━━━ LISTED ENTRIES

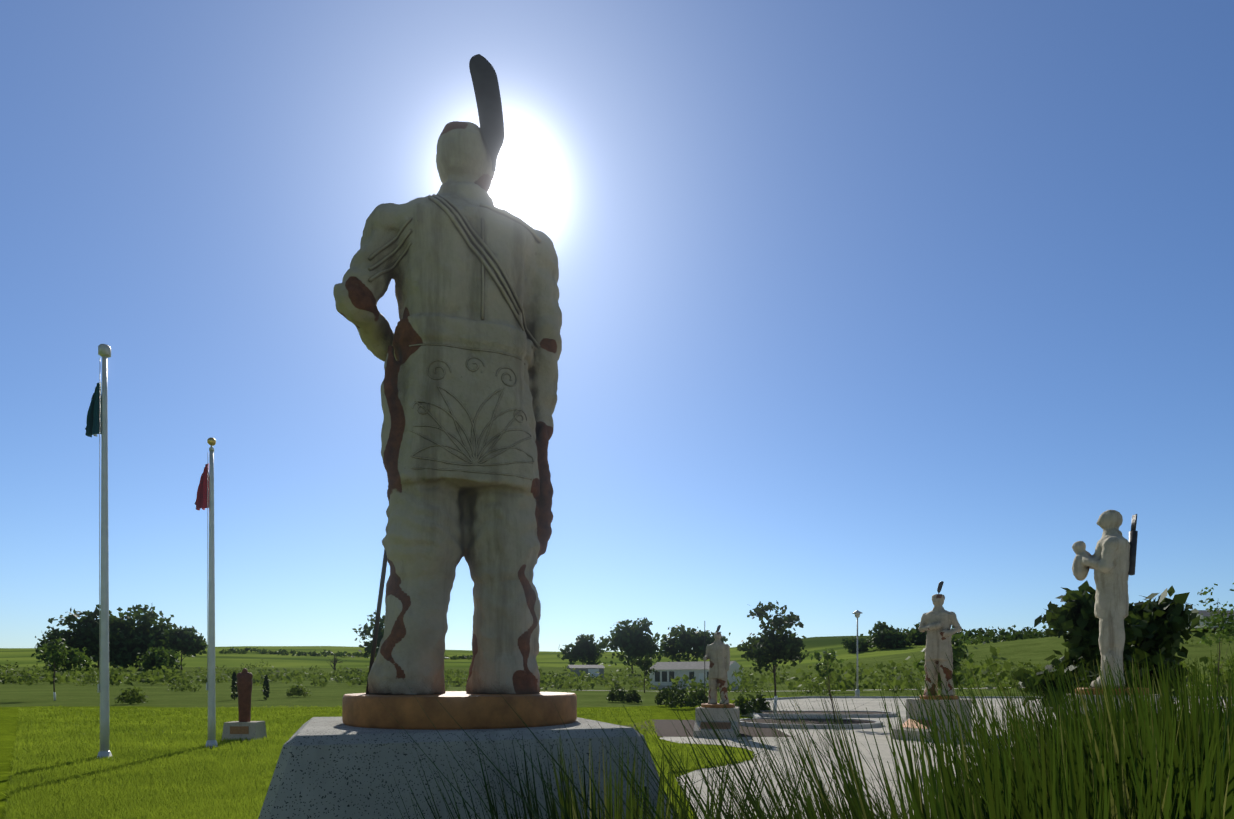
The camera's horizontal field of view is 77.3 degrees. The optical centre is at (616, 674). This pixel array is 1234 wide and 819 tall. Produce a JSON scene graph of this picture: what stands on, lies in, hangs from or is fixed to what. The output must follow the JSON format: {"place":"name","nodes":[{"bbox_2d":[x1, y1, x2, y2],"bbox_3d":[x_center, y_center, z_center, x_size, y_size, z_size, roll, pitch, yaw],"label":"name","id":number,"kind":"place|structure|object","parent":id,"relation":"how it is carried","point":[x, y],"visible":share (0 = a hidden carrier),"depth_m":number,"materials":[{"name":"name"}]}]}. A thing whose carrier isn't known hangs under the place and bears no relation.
{"place":"outdoors","nodes":[
{"label":"outdoors","id":0,"kind":"place"},
{"bbox_2d":[2,705,753,818],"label":"lawn grass","id":1,"kind":"structure","parent":0,"point":[73,778],"depth_m":12.83,"materials":[{"name":"green plant"}]},
{"bbox_2d":[0,629,1233,818],"bbox_3d":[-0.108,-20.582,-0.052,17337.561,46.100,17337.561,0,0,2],"label":"terrain","id":2,"kind":"structure","parent":0,"point":[331,694],"depth_m":127.53,"materials":[{"name":"green plant"}]},
{"bbox_2d":[40,637,69,699],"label":"young tree","id":3,"kind":"object","parent":2,"relation":"on","point":[56,655],"visible":1,"depth_m":46.04,"materials":[{"name":"green plant"}]},
{"bbox_2d":[35,626,82,654],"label":"tree","id":4,"kind":"object","parent":2,"relation":"on","point":[55,634],"visible":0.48,"depth_m":234.37,"materials":[{"name":"green plant"}]},
{"bbox_2d":[31,643,95,673],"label":"tree","id":5,"kind":"object","parent":2,"relation":"on","point":[78,657],"visible":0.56,"depth_m":187.84,"materials":[{"name":"green plant"}]},
{"bbox_2d":[46,604,138,668],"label":"tree","id":6,"kind":"object","parent":2,"relation":"on","point":[87,625],"visible":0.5,"depth_m":236.97,"materials":[{"name":"green plant"}]},
{"bbox_2d":[85,344,111,757],"bbox_3d":[-9.355,-2.226,14.002,0.508,7.542,0.400,0,0,2],"label":"flagpole","id":7,"kind":"object","parent":2,"relation":"on","point":[97,419],"visible":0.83,"depth_m":13.95,"materials":[{"name":"metal"}]},
{"bbox_2d":[87,604,184,669],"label":"tree","id":8,"kind":"object","parent":2,"relation":"on","point":[145,638],"visible":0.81,"depth_m":239.90,"materials":[{"name":"green plant"}]},
{"bbox_2d":[130,646,185,673],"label":"tree","id":9,"kind":"object","parent":2,"relation":"on","point":[158,658],"visible":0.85,"depth_m":190.91,"materials":[{"name":"green plant"}]},
{"bbox_2d":[161,625,206,670],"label":"tree","id":10,"kind":"object","parent":2,"relation":"on","point":[185,641],"visible":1,"depth_m":227.84,"materials":[{"name":"green plant"}]},
{"bbox_2d":[195,437,217,747],"bbox_3d":[-8.633,-1.734,16.311,0.523,6.557,0.400,0,0,2],"label":"flagpole","id":11,"kind":"object","parent":2,"relation":"on","point":[205,496],"visible":0.96,"depth_m":16.26,"materials":[{"name":"metal"}]},
{"bbox_2d":[231,672,237,699],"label":"conifer","id":12,"kind":"object","parent":2,"relation":"on","point":[234,683],"visible":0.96,"depth_m":46.83,"materials":[{"name":"green plant"}]},
{"bbox_2d":[222,721,266,740],"bbox_3d":[-8.808,1.329,18.246,0.800,0.430,0.620,0,0,-4],"label":"pedestal","id":13,"kind":"object","parent":2,"relation":"on","point":[244,730],"visible":0.82,"depth_m":17.96,"materials":[{"name":"stone"}]},
{"bbox_2d":[237,668,252,721],"bbox_3d":[-8.808,0.480,18.246,0.352,1.269,0.262,0,0,-10],"label":"red statue","id":14,"kind":"object","parent":13,"relation":"on","point":[244,682],"visible":1,"depth_m":18.14,"materials":[{"name":"stone"}]},
{"bbox_2d":[262,675,269,699],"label":"conifer","id":15,"kind":"object","parent":2,"relation":"on","point":[266,692],"visible":1,"depth_m":46.76,"materials":[{"name":"green plant"}]},
{"bbox_2d":[330,651,346,675],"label":"tree","id":16,"kind":"object","parent":2,"relation":"on","point":[334,661],"visible":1,"depth_m":202.38,"materials":[{"name":"green plant"}]},
{"bbox_2d":[352,611,384,656],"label":"tree","id":17,"kind":"object","parent":2,"relation":"on","point":[367,632],"visible":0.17,"depth_m":209.61,"materials":[{"name":"green plant"}]},
{"bbox_2d":[258,717,672,818],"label":"pedestal","id":18,"kind":"object","parent":2,"relation":"on","point":[331,768],"visible":0.71,"depth_m":2.54,"materials":[{"name":"grey stone"}]},
{"bbox_2d":[333,54,561,694],"bbox_3d":[-0.689,-1.185,3.210,0.921,2.555,0.509,0,0,-19],"label":"statue","id":19,"kind":"object","parent":18,"relation":"on","point":[468,351],"visible":1,"depth_m":3.03,"materials":[{"name":"stone"}]},
{"bbox_2d":[342,691,576,729],"bbox_3d":[-0.636,0.137,3.188,0.940,0.116,0.940,0,0,2],"label":"statue disc","id":20,"kind":"object","parent":18,"relation":"on","point":[464,709],"visible":0.94,"depth_m":2.77,"materials":[{"name":"brown stone"}]},
{"bbox_2d":[74,670,1014,703],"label":"bushes","id":21,"kind":"object","parent":2,"relation":"on","point":[297,690],"visible":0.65,"depth_m":54.45,"materials":[{"name":"green plant"}]},
{"bbox_2d":[557,634,609,664],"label":"tree","id":22,"kind":"object","parent":2,"relation":"on","point":[585,648],"visible":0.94,"depth_m":228.15,"materials":[{"name":"green plant"}]},
{"bbox_2d":[567,665,604,676],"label":"house","id":23,"kind":"structure","parent":2,"relation":"on","point":[592,669],"depth_m":182.66,"materials":[{"name":"grey"}]},
{"bbox_2d":[0,635,1233,692],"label":"brush band","id":24,"kind":"object","parent":2,"relation":"on","point":[30,677],"visible":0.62,"depth_m":111.14,"materials":[{"name":"green plant"}]},
{"bbox_2d":[598,618,665,673],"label":"tree","id":25,"kind":"object","parent":2,"relation":"on","point":[633,641],"visible":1,"depth_m":210.94,"materials":[{"name":"green plant"}]},
{"bbox_2d":[219,625,1066,659],"bbox_3d":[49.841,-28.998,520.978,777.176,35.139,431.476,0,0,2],"label":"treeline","id":26,"kind":"object","parent":2,"relation":"on","point":[991,634],"visible":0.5,"depth_m":642.91,"materials":[{"name":"green plant"}]},
{"bbox_2d":[632,656,657,692],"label":"young tree","id":27,"kind":"object","parent":2,"relation":"on","point":[641,664],"visible":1,"depth_m":73.46,"materials":[{"name":"green plant"}]},
{"bbox_2d":[606,684,771,714],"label":"shrubs","id":28,"kind":"object","parent":2,"relation":"on","point":[667,694],"visible":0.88,"depth_m":34.59,"materials":[{"name":"green plant"}]},
{"bbox_2d":[656,624,731,661],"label":"tree","id":29,"kind":"object","parent":2,"relation":"on","point":[688,642],"visible":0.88,"depth_m":216.12,"materials":[{"name":"green plant"}]},
{"bbox_2d":[649,661,743,689],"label":"mobile home","id":30,"kind":"object","parent":2,"relation":"on","point":[665,674],"visible":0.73,"depth_m":123.65,"materials":[{"name":"white"}]},
{"bbox_2d":[624,719,791,736],"bbox_3d":[2.247,1.536,22.733,4.800,0.001,7.300,0,0,2],"label":"mulch bed","id":31,"kind":"object","parent":2,"relation":"on","point":[667,728],"visible":0.5,"depth_m":21.59,"materials":[{"name":"brown soil"}]},
{"bbox_2d":[693,706,739,737],"bbox_3d":[2.546,1.194,19.601,1.050,0.700,1.600,0,0,12],"label":"pedestal","id":32,"kind":"object","parent":31,"relation":"on","point":[726,724],"visible":0.72,"depth_m":19.26,"materials":[{"name":"stone"}]},
{"bbox_2d":[701,703,734,707],"bbox_3d":[2.602,0.799,19.870,0.860,0.090,0.860,0,0,2],"label":"disc","id":33,"kind":"object","parent":32,"relation":"on","point":[717,705],"visible":0.88,"depth_m":19.50,"materials":[{"name":"brown stone"}]},
{"bbox_2d":[703,621,729,703],"bbox_3d":[2.574,-0.307,19.820,0.652,2.144,0.442,0,0,22],"label":"statue","id":34,"kind":"object","parent":33,"relation":"on","point":[718,653],"visible":0.96,"depth_m":19.75,"materials":[{"name":"stone"}]},
{"bbox_2d":[841,637,872,652],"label":"tree","id":35,"kind":"object","parent":2,"relation":"on","point":[849,644],"visible":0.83,"depth_m":510.31,"materials":[{"name":"green plant"}]},
{"bbox_2d":[860,621,916,648],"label":"tree","id":36,"kind":"object","parent":2,"relation":"on","point":[884,636],"visible":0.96,"depth_m":505.49,"materials":[{"name":"green plant"}]},
{"bbox_2d":[902,622,926,645],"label":"tree","id":37,"kind":"object","parent":2,"relation":"on","point":[918,637],"visible":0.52,"depth_m":527.47,"materials":[{"name":"green plant"}]},
{"bbox_2d":[1186,610,1233,628],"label":"hill house","id":38,"kind":"structure","parent":2,"relation":"on","point":[1205,612],"depth_m":224.96,"materials":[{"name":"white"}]},
{"bbox_2d":[0,0,1233,651],"label":"sky","id":39,"kind":"structure","parent":0,"point":[866,306],"materials":[{"name":"blue"}]},
{"bbox_2d":[587,685,1210,691],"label":"road","id":40,"kind":"structure","parent":0,"point":[822,690],"depth_m":108.49,"materials":[{"name":"grey asphalt"}]},
{"bbox_2d":[660,698,1225,818],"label":"plaza paving","id":41,"kind":"structure","parent":0,"point":[863,704],"depth_m":15.66,"materials":[{"name":"concrete"}]},
{"bbox_2d":[737,600,809,712],"bbox_3d":[5.772,-0.627,28.712,2.465,4.350,2.955,0,0,21],"label":"tree","id":42,"kind":"object","parent":41,"relation":"on","point":[782,645],"visible":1,"depth_m":28.45,"materials":[{"name":"green plant"}]},
{"bbox_2d":[379,644,1233,818],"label":"ornamental grass","id":43,"kind":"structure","parent":41,"relation":"on","point":[1145,759],"depth_m":1.36,"materials":[{"name":"green plant"}]},
{"bbox_2d":[740,719,874,723],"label":"mulch island","id":44,"kind":"structure","parent":41,"relation":"on","point":[807,721],"depth_m":23.76,"materials":[{"name":"brown soil"}]},
{"bbox_2d":[809,648,843,721],"bbox_3d":[6.335,0.367,23.469,1.161,2.362,0.962,0,0,2],"label":"leaning sapling","id":45,"kind":"object","parent":44,"relation":"on","point":[828,656],"visible":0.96,"depth_m":23.39,"materials":[{"name":"green plant"}]},
{"bbox_2d":[761,711,886,713],"bbox_3d":[7.557,1.492,29.011,5.600,0.095,2.600,0,0,2],"label":"bench","id":46,"kind":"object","parent":41,"relation":"on","point":[803,712],"depth_m":29.41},
{"bbox_2d":[892,699,971,741],"bbox_3d":[7.547,1.069,18.495,1.600,0.950,1.050,0,0,-33],"label":"pedestal","id":47,"kind":"object","parent":41,"relation":"on","point":[913,705],"visible":0.38,"depth_m":18.25,"materials":[{"name":"stone"}]},
{"bbox_2d":[920,695,957,699],"bbox_3d":[7.778,0.549,18.645,0.860,0.090,0.860,0,0,2],"label":"disc","id":48,"kind":"object","parent":47,"relation":"on","point":[939,696],"visible":0.54,"depth_m":18.29,"materials":[{"name":"brown stone"}]},
{"bbox_2d":[918,581,961,695],"bbox_3d":[7.764,-0.869,18.583,0.977,2.774,0.541,0,0,42],"label":"statue","id":49,"kind":"object","parent":48,"relation":"on","point":[937,621],"visible":0.92,"depth_m":18.48,"materials":[{"name":"stone"}]},
{"bbox_2d":[913,633,973,689],"bbox_3d":[8.975,0.126,21.337,1.600,2.843,1.553,0,0,2],"label":"shrub","id":50,"kind":"object","parent":41,"relation":"on","point":[958,651],"visible":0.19,"depth_m":21.03,"materials":[{"name":"green plant"}]},
{"bbox_2d":[740,696,1231,728],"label":"kerb stones","id":51,"kind":"object","parent":41,"relation":"on","point":[876,724],"visible":0.56,"depth_m":27.61,"materials":[{"name":"concrete"}]},
{"bbox_2d":[1011,580,1153,722],"bbox_3d":[8.144,-0.049,13.302,1.822,3.196,1.958,0,0,-21],"label":"shrub","id":52,"kind":"object","parent":41,"relation":"on","point":[1076,618],"visible":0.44,"depth_m":13.09,"materials":[{"name":"green plant"}]},
{"bbox_2d":[1063,694,1159,730],"bbox_3d":[6.596,0.909,10.790,1.600,1.270,1.050,0,0,37],"label":"pedestal","id":53,"kind":"object","parent":41,"relation":"on","point":[1101,701],"depth_m":10.29,"materials":[{"name":"stone"}]},
{"bbox_2d":[1075,688,1148,694],"bbox_3d":[6.816,0.230,10.625,0.860,0.090,0.860,0,0,2],"label":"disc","id":54,"kind":"object","parent":53,"relation":"on","point":[1110,694],"visible":0.21,"depth_m":10.34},
{"bbox_2d":[1072,510,1137,687],"bbox_3d":[6.788,-1.037,10.646,0.720,2.470,0.689,0,0,-13],"label":"statue","id":55,"kind":"object","parent":54,"relation":"on","point":[1111,561],"visible":0.92,"depth_m":10.42,"materials":[{"name":"stone"}]},
{"bbox_2d":[1128,586,1205,697],"bbox_3d":[9.383,0.001,13.780,1.763,3.090,2.132,0,0,18],"label":"shrub","id":56,"kind":"object","parent":41,"relation":"on","point":[1170,621],"visible":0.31,"depth_m":13.29,"materials":[{"name":"green plant"}]},
{"bbox_2d":[1192,583,1233,694],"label":"young tree","id":57,"kind":"object","parent":41,"relation":"on","point":[1217,620],"visible":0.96,"depth_m":40.35,"materials":[{"name":"green plant"}]},
{"label":"sidewalk","id":58,"kind":"structure","parent":0,"visible":0},
{"bbox_2d":[852,610,861,695],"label":"lamp post","id":59,"kind":"object","parent":58,"relation":"on","point":[857,613],"visible":0.94,"depth_m":52.32,"materials":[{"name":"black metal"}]}
]}

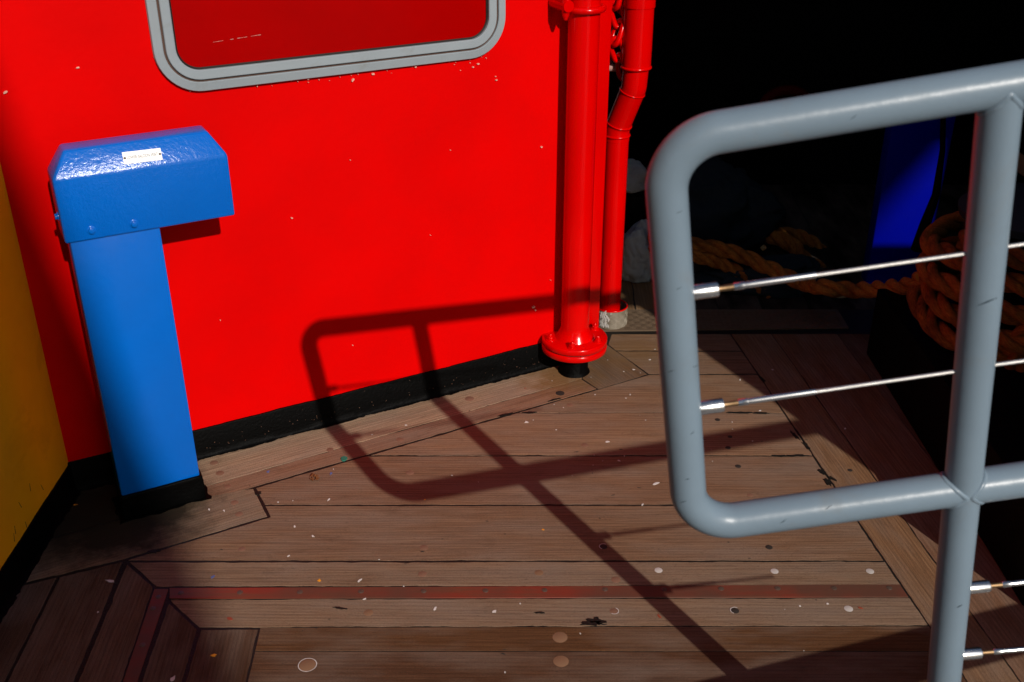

━━━━━━

◆ PROBLEM
For the word "conifer", state the number of lines in the listing that contain it and nothing further.

◆ TASK OUTPUT
2